--- WHAT IS BEING ASKED ---
Return the records exactly as they stand, and keep the pictures out of the copy.
*** Opening RECORDS TO PROCESS ***
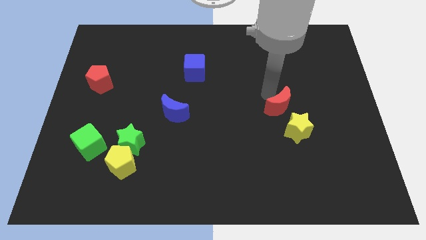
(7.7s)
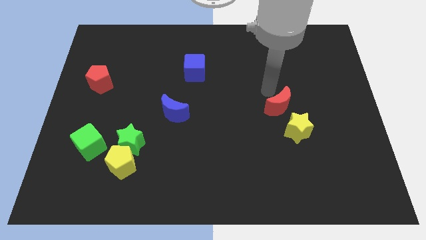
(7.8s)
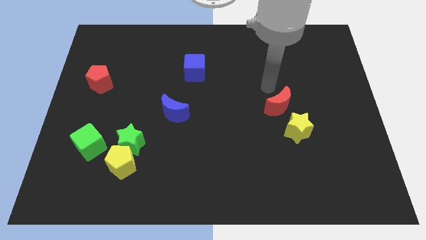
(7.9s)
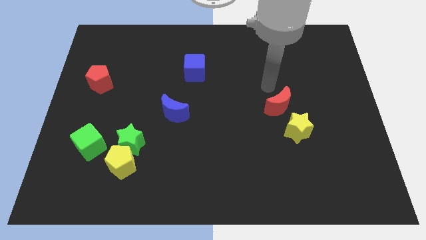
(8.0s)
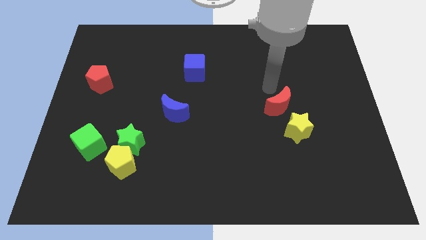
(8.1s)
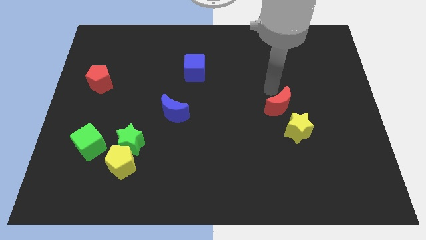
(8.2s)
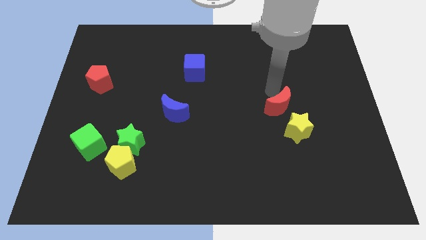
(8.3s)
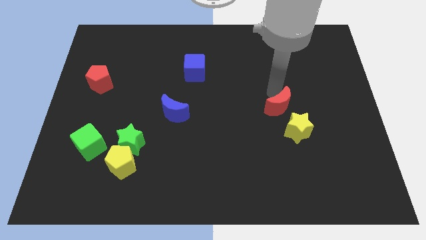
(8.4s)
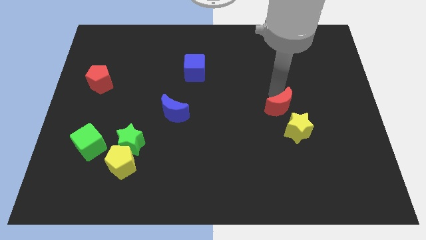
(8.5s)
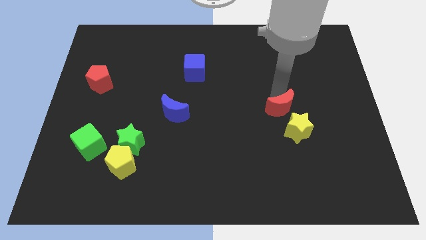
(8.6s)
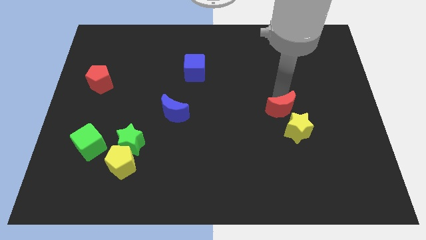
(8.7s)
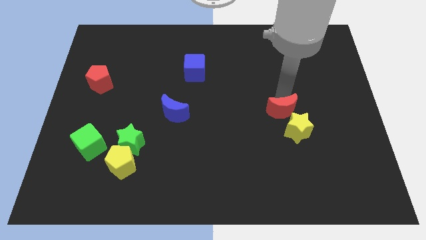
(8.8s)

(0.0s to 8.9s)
*** Closing RECORDS TO PROCESS ***
--- OUTPUT ---
(7.7s)
(7.8s)
(7.9s)
(8.0s)
(8.1s)
(8.2s)
(8.3s)
(8.4s)
(8.5s)
(8.6s)
(8.7s)
(8.8s)

(0.0s to 8.9s)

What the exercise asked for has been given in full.